I really wanted to like this food but my dog had a horrible allergic reaction to it so I ended up donating almost a full bag to the rescue. Turns out he's allergic to yeast.


----------



## 3feathers (Oct 29, 2008)

Thanks Derek! Which one did you feed? I'm thinking the Venison formula looks pretty good. But the Beef formula somewhat has me scratching my head due to the phosphous level, which is very high at 2.95%...higher than the calcium level 
Unosmom, that is too bad about the brewers yeast reaction. I wonder about that too, because some dogs are misdiagnosed for allergies, when in fact the problem is yeast candida, which brewers yeast, corn, wheat, white rice, potatoes, and sweet potatoes all make the issue worse.
I may add this into my rotation to see how they all do.


----------



## buddy97 (Mar 29, 2010)

3feathers said:


> Thanks Derek! Which one did you feed? I'm thinking the Venison formula looks pretty good. But the Beef formula somewhat has me scratching my head due to the phosphous level, which is very high at 2.95%...higher than the calcium level
> Unosmom, that is too bad about the brewers yeast reaction. I wonder about that too, because some dogs are misdiagnosed for allergies, when in fact the problem is yeast candida, which brewers yeast, corn, wheat, white rice, potatoes, and sweet potatoes all make the issue worse.
> I may add this into my rotation to see how they all do.

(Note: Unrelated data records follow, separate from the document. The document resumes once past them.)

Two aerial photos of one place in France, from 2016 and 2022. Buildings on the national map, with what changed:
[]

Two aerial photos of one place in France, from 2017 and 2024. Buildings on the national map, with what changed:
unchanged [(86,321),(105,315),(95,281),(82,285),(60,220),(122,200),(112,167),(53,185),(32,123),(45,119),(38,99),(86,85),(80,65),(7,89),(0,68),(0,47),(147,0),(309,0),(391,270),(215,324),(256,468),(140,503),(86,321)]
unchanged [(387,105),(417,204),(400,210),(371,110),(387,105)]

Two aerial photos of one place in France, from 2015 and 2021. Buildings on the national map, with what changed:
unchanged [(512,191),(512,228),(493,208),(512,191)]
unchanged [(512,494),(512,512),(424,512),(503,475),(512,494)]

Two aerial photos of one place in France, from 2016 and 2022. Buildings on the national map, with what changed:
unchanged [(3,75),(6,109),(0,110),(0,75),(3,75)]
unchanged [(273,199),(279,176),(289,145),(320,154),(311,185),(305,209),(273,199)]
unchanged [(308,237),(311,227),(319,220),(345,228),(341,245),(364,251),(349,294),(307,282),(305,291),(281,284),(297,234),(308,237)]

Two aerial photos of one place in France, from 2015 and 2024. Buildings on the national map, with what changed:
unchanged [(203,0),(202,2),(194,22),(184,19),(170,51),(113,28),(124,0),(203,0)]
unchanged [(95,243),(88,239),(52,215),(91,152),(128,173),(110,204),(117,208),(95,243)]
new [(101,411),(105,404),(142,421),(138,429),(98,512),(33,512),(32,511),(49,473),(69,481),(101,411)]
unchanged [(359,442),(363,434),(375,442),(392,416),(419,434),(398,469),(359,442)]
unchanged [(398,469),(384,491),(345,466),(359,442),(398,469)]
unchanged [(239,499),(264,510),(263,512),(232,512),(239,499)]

i have used the chicken and the lamb. i never used the beef formula because i never got an answer about why the poshphorus level is higher than the Ca level in the beef formula (at least not one that made sense to me). i generally dont care for using beef anyway.


----------



## ubershann (Jul 29, 2010)

I think I'm the one you are referring to who feeds Nature's Logic. I've got a picky pooch and she loves the stuff. We've tried all the flavors (chicken gave her really bad runny poop, the rest have been fine) and she does really well on them. As someone else mentioned, I also like that they don't use synthetic vitamins. 

My lab's coat is super shiny and she gets comments on it almost every day. She's been a very healthy, happy girl since I started feeding it. I've tried a few others and she doesn't seem to like anything else and will barely pick at all the other foods I've given her. 

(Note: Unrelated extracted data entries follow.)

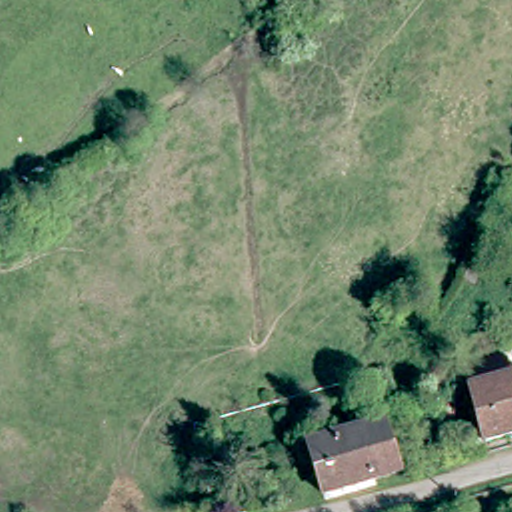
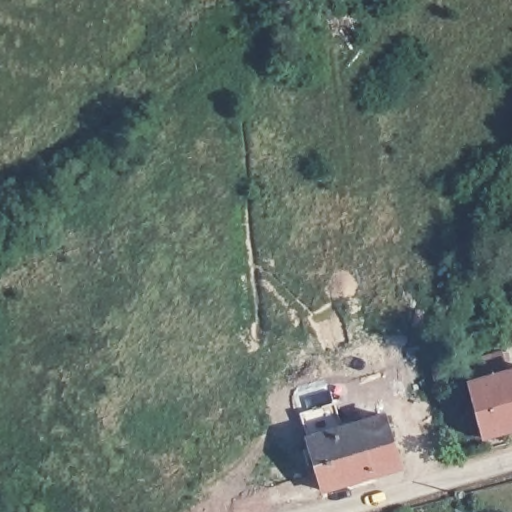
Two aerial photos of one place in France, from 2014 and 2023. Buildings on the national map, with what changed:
unchanged [(495,447),(474,371),(512,360),(512,442),(495,447)]
unchanged [(386,423),(400,475),(323,500),(312,463),(308,447),(386,423)]

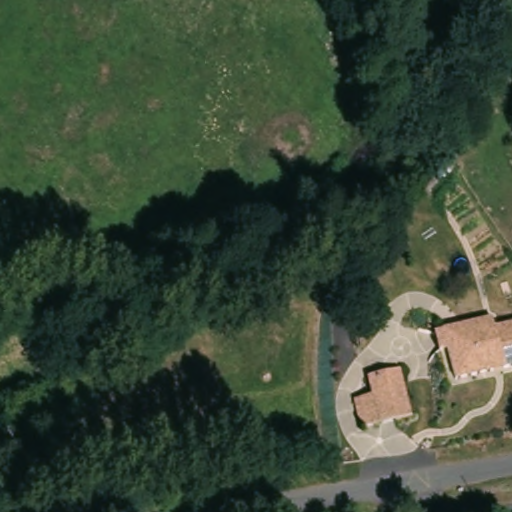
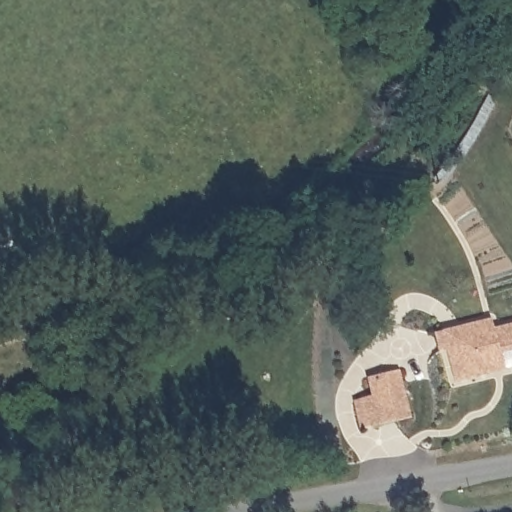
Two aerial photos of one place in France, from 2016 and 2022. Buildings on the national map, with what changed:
unchanged [(495,332),(512,328),(512,370),(460,385),(451,353),(445,355),(440,335),(465,328),(491,320),(495,332)]
unchanged [(364,425),(359,401),(372,398),(369,381),(383,378),(401,375),(408,418),(391,421),(364,425)]

Guess we won't have much of a food rotation, just different flavors. And I too wish it was more readily available. I'm lucky I work in a store that sells it but other than that I've never seen it anywhere and never even hear it talked about in dog food discussions. Maybe it's the great secret of the dog food world? :wink:


----------



## ubershann (Jul 29, 2010)

buddy97 said:


> i generally dont care for using beef anyway.


I'm just curious why you don't like using beef. Is it an issue with your dogs in particular or is there more reason?


----------



## buddy97 (Mar 29, 2010)

ubershann said:


> I'm just curious why you don't like using beef. Is it an issue with your dogs in particular or is there more reason?

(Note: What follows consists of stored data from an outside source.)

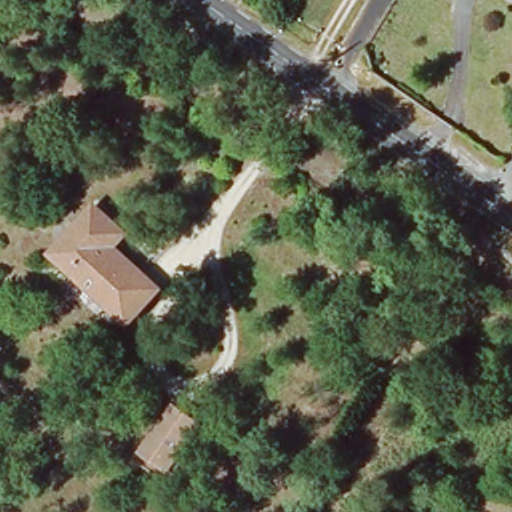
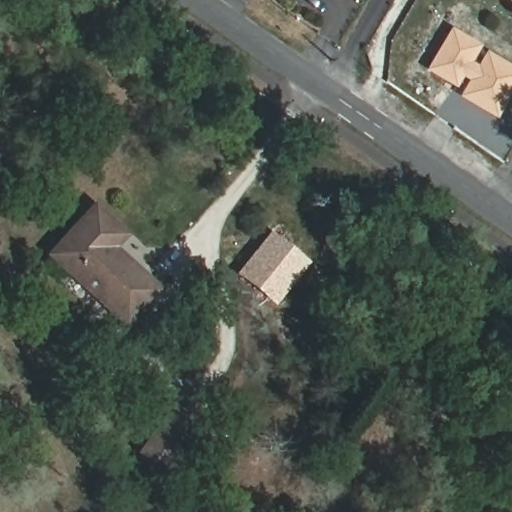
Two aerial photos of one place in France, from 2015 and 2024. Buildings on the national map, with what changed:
new [(482,45),(473,60),(479,64),(487,51),(512,66),(512,94),(497,119),(460,96),(469,80),(463,76),(456,87),(427,70),(452,27),(482,45)]
unchanged [(120,240),(107,254),(152,293),(123,326),(50,258),(91,214),(120,240)]
new [(309,262),(276,305),(237,274),(272,231),(309,262)]
unchanged [(175,408),(198,425),(167,470),(143,453),(175,408)]

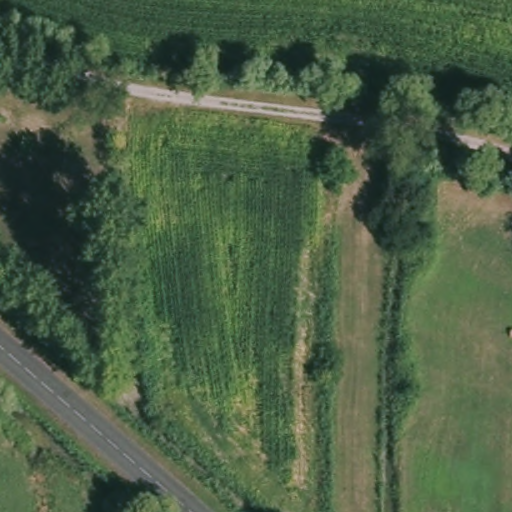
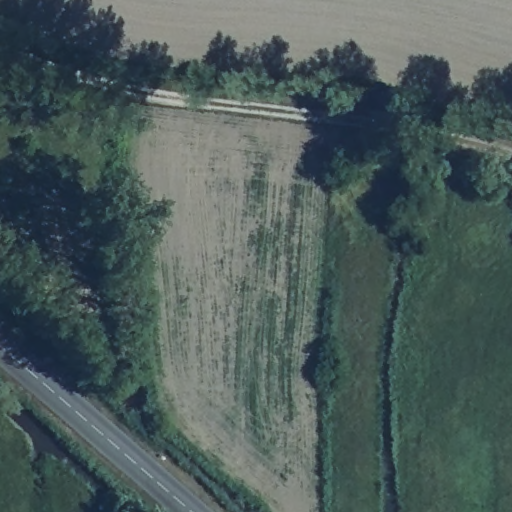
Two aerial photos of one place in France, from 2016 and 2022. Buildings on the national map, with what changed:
unchanged [(495,174),(492,194),(461,190),(465,168),(495,174)]

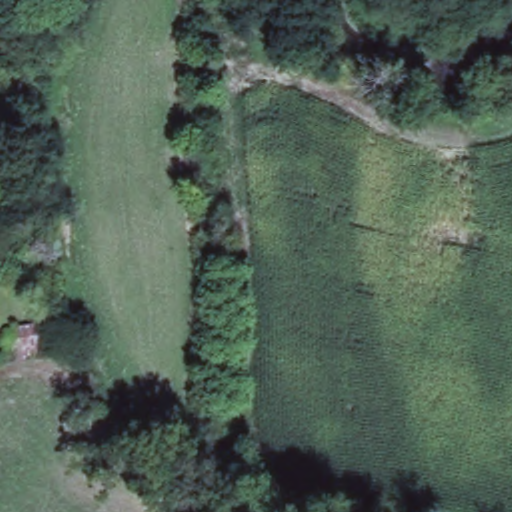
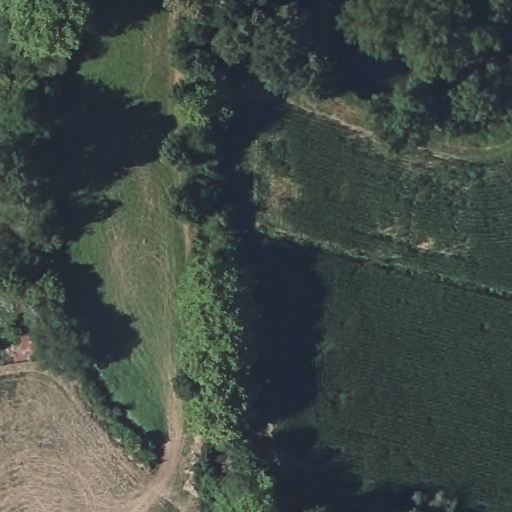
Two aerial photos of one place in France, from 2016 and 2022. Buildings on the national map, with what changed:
unchanged [(49,323),(56,352),(13,360),(9,328),(49,323)]

nothing wrong with it, its just an issue for my dog.


----------



## ubershann (Jul 29, 2010)

buddy97 said:


> nothing wrong with it, its just an issue for my dog.


Ahh ok. My dog loves beef so I was hoping there wasn't anything wrong with it


----------



## 3feathers (Oct 29, 2008)

I had to go for my dog food run, and picked up a small bag of the chicken formula. I'm hoping there will be no scratching when I start mixing it in with his EVO!!! Keeping my fingers crossed!! :wink:


----------



## Jacksons Mom (Jun 13, 2010)

Wow, this food looks great. They do sell it at my local pet store I go to. If I were to ever try any other food, I'd definitely try this one out. He's doing okay with Acana Grasslands right now, and we're also finishing off our bag of Go! Endurance.


----------



## ubershann (Jul 29, 2010)

3feathers said:


> I had to go for my dog food run, and picked up a small bag of the chicken formula. I'm hoping there will be no scratching when I start mixing it in with his EVO!!! Keeping my fingers crossed!! :wink:


Let us know how it goes! It's the only food Tiki's ever really liked. In fact, from the feedback I've gotten from customers most dogs seem to love it. We give out a lot of samples and this one has often come back as the winner.


----------